Supported types: all.

In general values are written back to back:

  • Integer types are little endian.

  • Floating point types follow the IEEE standard.

  • BYTE_ARRAY: for each element, there is a little endian 4-byte length and then the bytes themselves.

  • FIXED_LEN_BYTE_ARRAY: bytes are written back to back.

Nanoparquet can read and write this encoding for all primitive types.

RLE_DICTIONARY encoding

Supported types: dictionary indices in data pages.

This encoding combines run-length encoding and bit-packing. Repeated sequences of the same value can be run-length encoded, and non-repeated parts are bit packed. It is used for data pages of dictionaries. The dictionary pages themselves are PLAIN encoded.

The deprecated PLAIN_DICTIONARY name is treated the same as RLE_DICTIONARY.

Nanoparquet can read and write this encoding.

RLE encoding

Supported types: BOOLEAN. Also for definition and repetition levels.

This is the same encoding as RLE_DICTIONARY, with a slightly different header. It combines run-length encoding and bit packing. It is used for BOOLEAN columns, and also for definition and repetition levels.

Nanoparquet can read and write this encoding.

BIT_PACKED encoding (deprecated in favor of RLE)

Supported types: none. Only for definition and repetition levels, but RLE should be used instead.

This is a simple bit packing encoding for integers, that was previously used for encoding definition and repetition levels. It is not used in new Parquet files because the the RLE encoding includes it and it is better.

Nanoparquet currently cannot read or write the BIT_PACKED encoding.

DELTA_BINARY_PACKED encoding

Supported types: INT32, INT64.

This encoding efficiently encodes integer columns if the differences between consecutive elements are often the same, and/or the differences between consecutive elements are small.

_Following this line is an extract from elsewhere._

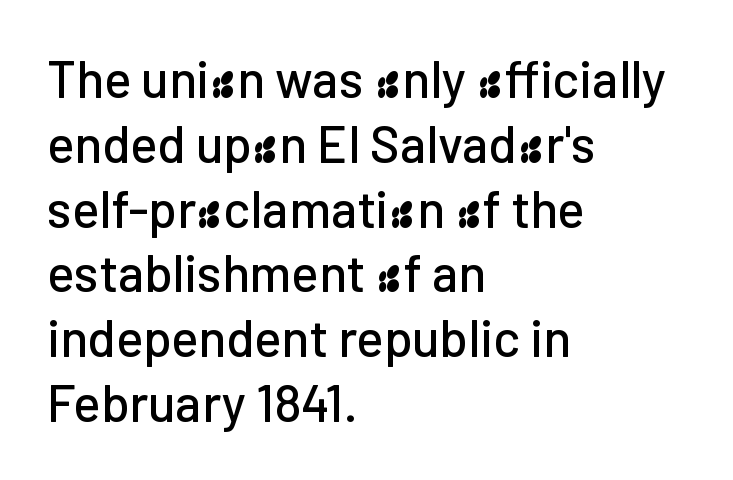
The image shows 51 px sans-serif type, upright; set left-aligned, normal line spacing (1.27x), normal letter spacing, not underlined; low stroke contrast and a medium x-height.

The extreme case of an arithmetic sequence can be encoded in O(1) space.

Nanoparquet can read this encoding, but cannot currently write it.

DELTA_LENGTH_BYTE_ARRAY encoding

Supported types: BYTE_ARRAY.

This encoding uses DELTA_BINARY_PACKED to encode the length of all byte array elements. It is especially efficient for short byte array elements, i.e. a column of short strings.

Nanoparquet can read this encoding, but cannot currently write it.

DELTA_BYTE_ARRAY encoding

Supported types: BYTE_ARRAY, FIXED_LEN_BYTE_ARRAY.

This encoding is efficient if consecutive byte array elements share the same prefix, because each element can reuse a prefix of the previous element.

Nanoparquet can read this encoding, but cannot currently write it.

BYTE_STREAM_SPLIT encoding

Supported types: FLOAT, DOUBLE, INT32, INT64, FIXED_LEN_BYTE_ARRAY.

This encoding stores the first bytes of the elements first, then the second bytes, etc. It does not reduce the size in itself, but may allow more efficient compression.

Nanoparquet can read this encoding, but cannot currently write it.

See also

write_parquet() on how to select a non-default encoding when writing Parquet files.